La véritable richesse : ce que nous serons capables de faire nous-mêmes
Lorsque je réfléchis à la modernisation chinoise, je reviens toujours à cette idée : un pays devient véritablement fort lorsqu'il développe progressivement sa capacité à faire par lui-même.
C'est là, selon moi, que se trouve le véritable défi pour le Bénin.
Nous devons pouvoir attirer les investissements tout en développant nos propres entreprises.
Nous devons pouvoir accueillir les technologies étrangères tout en formant ceux qui pourront les maîtriser. Nous devons pouvoir bénéficier de l'expertise internationale tout en développant notre propre expertise.
Nous devons pouvoir travailler avec la Chine tout en renforçant notre capacité à décider de notre propre avenir.
Je ne vois donc pas la coopération sino-béninoise comme une relation dans laquelle l'un construit et l'autre reçoit. Je la vois plutôt comme une possibilité de construire ensemble, d'apprendre ensemble et, progressivement, de permettre au Bénin de renforcer ses propres capacités.
La modernisation doit d'abord transformer l'homme
À force de parler de routes, de ports, d'usines, de technologies et d'investissements, nous pouvons parfois oublier l'essentiel : derrière chaque projet de développement, il y a des hommes et des femmes. Une route n'est utile que parce qu'elle facilite la vie des populations.
Une usine n'a de sens que si elle crée de la valeur et des emplois.
Une technologie n'est véritablement utile que si elle permet de résoudre un problème.
Une école moderne n'a de valeur que si elle prépare une génération capable de relever les défis de demain. C'est pourquoi, dans mon regard sur la modernisation à la chinoise, je place l'être humain au centre.

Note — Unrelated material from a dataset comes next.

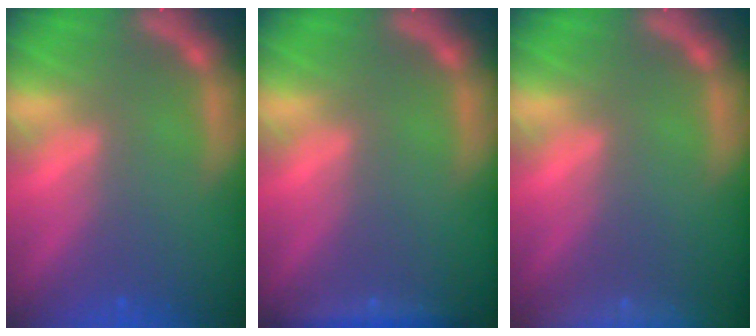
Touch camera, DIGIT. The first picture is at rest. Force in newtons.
{"total": 2.4}
{"total": 9.0}

Je crois que le Bénin doit investir davantage dans ses jeunes, dans la formation professionnelle, dans les sciences, dans le numérique, dans la recherche et dans l'entrepreneuriat.
Car les infrastructures peuvent être construites par des partenaires étrangers. Mais la compétence nationale, elle, doit être construite par nous-mêmes. Le Bénin n'a pas besoin de devenir une autre Chine
Au terme de cette réflexion, ma conviction est simple.

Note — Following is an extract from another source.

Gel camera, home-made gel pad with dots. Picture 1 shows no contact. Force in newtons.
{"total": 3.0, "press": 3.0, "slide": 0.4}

Le Bénin n'a pas besoin de devenir une autre Chine. Il doit devenir une meilleure version de lui-même.
La Chine peut être pour nous un partenaire important, une source d'expérience, de technologies, d'investissements et de savoir-faire. Mais notre développement restera avant tout une responsabilité béninoise.
La réussite de la coopération sino-béninoise ne devrait donc pas uniquement se mesurer au nombre d'infrastructures réalisées ou au volume des investissements mobilisés.
Elle devrait aussi se mesurer au nombre de jeunes formés, de compétences acquises, d'entreprises créées, de technologies maîtrisées et de solutions développées localement C'est là que je situe, personnellement, le véritable enjeu de la modernisation à la chinoise.
S'inspirer sans copier. Coopérer sans dépendre. Apprendre pour pouvoir, demain, faire davantage par nous-mêmes.
Et si la plus grande leçon que la Chine pouvait transmettre au Bénin était finalement celle-ci : un pays ne se modernise pas seulement lorsqu'il construit davantage ; il se modernise lorsqu'il devient progressivement capable de construire davantage par lui-même. Pour moi, c'est dans cette perspective que les relations sino-béninoises peuvent prendre tout leur sens.
Construire ensemble aujourd'hui, apprendre ensemble demain, et donner au Bénin les moyens de construire davantage par lui-même.